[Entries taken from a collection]
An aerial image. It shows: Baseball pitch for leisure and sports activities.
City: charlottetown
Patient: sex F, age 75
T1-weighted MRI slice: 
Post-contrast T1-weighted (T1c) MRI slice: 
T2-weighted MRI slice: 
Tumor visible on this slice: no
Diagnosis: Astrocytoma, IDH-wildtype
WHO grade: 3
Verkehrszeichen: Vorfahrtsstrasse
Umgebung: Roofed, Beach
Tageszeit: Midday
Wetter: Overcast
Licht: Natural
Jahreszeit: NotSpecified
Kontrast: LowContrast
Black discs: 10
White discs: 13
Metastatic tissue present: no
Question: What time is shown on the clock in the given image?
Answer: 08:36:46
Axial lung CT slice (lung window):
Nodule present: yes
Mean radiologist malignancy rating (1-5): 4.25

---

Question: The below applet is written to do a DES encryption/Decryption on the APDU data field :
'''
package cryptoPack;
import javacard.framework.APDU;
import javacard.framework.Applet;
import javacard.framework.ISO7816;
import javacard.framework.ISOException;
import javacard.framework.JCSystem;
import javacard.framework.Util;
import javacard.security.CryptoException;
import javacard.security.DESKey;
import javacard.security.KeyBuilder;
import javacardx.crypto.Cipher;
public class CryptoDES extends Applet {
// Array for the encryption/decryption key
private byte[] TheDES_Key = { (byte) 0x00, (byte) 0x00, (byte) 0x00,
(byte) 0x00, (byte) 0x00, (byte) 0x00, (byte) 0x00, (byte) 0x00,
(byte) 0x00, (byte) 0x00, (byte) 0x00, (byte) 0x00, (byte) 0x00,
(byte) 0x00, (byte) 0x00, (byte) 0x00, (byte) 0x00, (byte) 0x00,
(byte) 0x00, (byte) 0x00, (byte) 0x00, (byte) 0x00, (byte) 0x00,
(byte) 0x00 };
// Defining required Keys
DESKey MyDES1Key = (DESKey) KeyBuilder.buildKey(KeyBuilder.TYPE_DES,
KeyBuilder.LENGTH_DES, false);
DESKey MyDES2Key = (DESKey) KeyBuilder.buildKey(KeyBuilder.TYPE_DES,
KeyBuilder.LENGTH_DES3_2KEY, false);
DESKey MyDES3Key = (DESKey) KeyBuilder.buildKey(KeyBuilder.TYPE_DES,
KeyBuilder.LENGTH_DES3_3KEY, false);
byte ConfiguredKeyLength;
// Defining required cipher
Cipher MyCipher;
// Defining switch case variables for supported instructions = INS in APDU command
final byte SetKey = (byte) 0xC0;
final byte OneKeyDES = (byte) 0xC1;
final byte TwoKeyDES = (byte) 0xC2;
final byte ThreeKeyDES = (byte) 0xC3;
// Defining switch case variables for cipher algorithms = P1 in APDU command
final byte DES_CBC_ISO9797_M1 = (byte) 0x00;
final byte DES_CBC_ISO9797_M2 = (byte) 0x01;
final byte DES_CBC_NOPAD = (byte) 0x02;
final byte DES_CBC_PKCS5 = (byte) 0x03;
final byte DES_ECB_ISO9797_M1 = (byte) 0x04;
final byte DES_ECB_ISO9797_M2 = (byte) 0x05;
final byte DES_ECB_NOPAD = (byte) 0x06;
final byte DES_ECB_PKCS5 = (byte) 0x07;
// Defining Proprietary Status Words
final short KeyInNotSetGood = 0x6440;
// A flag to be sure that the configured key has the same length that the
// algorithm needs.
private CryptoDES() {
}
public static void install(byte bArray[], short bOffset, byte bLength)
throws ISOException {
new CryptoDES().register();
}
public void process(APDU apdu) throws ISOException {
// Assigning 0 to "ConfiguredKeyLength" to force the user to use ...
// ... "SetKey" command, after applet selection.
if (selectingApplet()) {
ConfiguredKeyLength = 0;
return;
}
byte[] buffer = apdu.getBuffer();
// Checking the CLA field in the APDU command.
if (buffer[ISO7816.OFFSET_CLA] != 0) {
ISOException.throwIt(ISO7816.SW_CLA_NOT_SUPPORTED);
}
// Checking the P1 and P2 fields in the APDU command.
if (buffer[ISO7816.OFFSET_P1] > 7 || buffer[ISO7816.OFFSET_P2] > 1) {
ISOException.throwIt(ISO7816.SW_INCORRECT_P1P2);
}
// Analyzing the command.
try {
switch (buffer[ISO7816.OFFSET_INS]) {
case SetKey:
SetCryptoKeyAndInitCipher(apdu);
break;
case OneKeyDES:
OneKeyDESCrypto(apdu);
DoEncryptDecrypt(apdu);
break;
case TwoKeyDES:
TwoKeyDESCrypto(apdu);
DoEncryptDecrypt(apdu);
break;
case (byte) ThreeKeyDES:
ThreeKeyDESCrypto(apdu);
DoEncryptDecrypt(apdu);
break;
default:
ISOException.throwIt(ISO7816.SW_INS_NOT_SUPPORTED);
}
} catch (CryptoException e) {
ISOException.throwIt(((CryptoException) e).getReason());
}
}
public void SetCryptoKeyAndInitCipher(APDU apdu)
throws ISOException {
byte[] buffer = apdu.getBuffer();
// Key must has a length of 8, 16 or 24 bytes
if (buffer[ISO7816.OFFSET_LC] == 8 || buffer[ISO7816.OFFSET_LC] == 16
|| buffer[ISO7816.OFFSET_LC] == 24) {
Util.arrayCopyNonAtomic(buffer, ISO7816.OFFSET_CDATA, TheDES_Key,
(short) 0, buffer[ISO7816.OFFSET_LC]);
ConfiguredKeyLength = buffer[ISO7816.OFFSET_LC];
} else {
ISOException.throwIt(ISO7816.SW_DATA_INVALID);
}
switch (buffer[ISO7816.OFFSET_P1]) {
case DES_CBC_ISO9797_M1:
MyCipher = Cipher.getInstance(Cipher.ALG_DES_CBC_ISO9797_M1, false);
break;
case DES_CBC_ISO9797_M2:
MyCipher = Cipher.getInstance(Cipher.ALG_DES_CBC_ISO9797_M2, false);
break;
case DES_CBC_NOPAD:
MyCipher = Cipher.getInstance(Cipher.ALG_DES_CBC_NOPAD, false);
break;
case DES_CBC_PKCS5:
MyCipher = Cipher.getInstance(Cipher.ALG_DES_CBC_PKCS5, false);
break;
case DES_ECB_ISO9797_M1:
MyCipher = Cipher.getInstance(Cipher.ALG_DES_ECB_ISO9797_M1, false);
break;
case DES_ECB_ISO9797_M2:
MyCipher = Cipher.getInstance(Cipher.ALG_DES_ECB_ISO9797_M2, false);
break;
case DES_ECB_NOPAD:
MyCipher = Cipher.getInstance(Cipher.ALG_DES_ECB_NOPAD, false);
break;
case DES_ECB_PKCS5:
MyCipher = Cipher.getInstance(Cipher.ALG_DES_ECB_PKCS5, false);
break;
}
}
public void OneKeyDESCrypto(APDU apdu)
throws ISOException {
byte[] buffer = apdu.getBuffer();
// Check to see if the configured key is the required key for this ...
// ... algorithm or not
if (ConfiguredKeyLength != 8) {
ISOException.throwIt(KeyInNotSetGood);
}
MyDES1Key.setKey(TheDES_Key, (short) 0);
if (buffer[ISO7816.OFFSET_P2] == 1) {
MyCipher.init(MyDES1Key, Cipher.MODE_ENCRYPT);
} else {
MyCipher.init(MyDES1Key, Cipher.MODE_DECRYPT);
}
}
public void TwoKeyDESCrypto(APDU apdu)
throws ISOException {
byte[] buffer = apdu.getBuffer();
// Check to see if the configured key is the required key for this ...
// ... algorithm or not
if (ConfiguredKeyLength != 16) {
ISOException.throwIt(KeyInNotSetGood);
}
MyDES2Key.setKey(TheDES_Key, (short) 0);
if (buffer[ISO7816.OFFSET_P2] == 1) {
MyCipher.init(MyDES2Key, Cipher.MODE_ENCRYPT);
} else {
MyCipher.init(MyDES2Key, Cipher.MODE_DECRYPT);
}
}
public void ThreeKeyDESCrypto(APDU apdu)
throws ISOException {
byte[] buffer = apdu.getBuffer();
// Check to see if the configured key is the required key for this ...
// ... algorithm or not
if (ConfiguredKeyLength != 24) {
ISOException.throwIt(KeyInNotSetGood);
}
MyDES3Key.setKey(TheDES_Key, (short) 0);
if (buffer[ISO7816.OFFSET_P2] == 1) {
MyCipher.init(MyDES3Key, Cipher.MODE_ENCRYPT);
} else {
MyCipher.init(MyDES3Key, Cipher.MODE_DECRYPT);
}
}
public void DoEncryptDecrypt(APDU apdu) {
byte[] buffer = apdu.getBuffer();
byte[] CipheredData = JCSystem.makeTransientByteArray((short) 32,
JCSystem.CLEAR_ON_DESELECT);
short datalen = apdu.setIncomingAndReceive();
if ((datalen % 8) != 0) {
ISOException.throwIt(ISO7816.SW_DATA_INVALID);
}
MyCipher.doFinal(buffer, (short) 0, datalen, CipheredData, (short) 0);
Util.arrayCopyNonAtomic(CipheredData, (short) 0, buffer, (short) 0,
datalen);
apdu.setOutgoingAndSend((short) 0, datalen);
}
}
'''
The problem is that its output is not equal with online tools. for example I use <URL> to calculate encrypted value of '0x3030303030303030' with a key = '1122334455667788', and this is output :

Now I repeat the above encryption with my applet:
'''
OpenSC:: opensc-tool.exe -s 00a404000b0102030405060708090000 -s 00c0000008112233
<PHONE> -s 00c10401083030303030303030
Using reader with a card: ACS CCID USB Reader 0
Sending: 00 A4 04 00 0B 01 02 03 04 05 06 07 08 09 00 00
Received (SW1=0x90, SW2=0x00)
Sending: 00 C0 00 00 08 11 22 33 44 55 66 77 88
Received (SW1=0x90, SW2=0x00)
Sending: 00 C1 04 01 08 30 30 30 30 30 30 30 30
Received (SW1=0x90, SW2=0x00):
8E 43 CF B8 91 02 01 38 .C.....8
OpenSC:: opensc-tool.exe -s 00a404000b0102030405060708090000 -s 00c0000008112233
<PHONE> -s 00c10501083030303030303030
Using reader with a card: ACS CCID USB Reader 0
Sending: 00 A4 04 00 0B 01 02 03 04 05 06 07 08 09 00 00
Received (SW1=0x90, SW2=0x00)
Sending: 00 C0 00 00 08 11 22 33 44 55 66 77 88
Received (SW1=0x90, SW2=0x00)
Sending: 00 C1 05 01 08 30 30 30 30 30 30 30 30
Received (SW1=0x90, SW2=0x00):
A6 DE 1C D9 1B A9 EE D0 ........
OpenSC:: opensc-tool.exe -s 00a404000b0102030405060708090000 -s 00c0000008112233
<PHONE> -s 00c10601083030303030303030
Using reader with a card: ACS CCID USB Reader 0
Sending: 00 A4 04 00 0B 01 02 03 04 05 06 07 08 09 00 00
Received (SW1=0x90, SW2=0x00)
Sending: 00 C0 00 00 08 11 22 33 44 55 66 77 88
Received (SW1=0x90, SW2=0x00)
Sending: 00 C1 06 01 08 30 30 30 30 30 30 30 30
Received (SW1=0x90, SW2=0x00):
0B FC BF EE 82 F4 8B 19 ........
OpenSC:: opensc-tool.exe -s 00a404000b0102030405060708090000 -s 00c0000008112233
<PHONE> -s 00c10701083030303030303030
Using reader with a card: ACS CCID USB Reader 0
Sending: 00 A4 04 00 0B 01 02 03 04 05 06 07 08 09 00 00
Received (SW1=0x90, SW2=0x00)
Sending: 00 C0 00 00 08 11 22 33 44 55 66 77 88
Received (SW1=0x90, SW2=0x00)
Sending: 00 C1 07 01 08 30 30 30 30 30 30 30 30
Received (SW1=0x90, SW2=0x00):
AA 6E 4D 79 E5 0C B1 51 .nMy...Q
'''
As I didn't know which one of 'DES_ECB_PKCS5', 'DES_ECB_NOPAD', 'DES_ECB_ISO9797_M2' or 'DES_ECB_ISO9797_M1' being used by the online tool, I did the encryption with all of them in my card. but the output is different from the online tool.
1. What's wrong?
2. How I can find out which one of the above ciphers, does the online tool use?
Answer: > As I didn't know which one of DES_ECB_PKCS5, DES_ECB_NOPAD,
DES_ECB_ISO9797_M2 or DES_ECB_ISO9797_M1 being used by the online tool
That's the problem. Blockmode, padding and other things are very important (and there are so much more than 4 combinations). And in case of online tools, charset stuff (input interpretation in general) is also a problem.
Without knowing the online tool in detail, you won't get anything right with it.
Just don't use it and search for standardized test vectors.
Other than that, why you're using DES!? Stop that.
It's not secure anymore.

- _Directions for this task_
Copy out the lines above exactly, beginning at the one that contains "An aerial image." and ending at the one that contains "Diagnosis: Astrocytoma, IDH-wildtype".

- _Reply_
An aerial image. It shows: Baseball pitch for leisure and sports activities.
City: charlottetown
Patient: sex F, age 75
T1-weighted MRI slice: 
Post-contrast T1-weighted (T1c) MRI slice: 
T2-weighted MRI slice: 
Tumor visible on this slice: no
Diagnosis: Astrocytoma, IDH-wildtype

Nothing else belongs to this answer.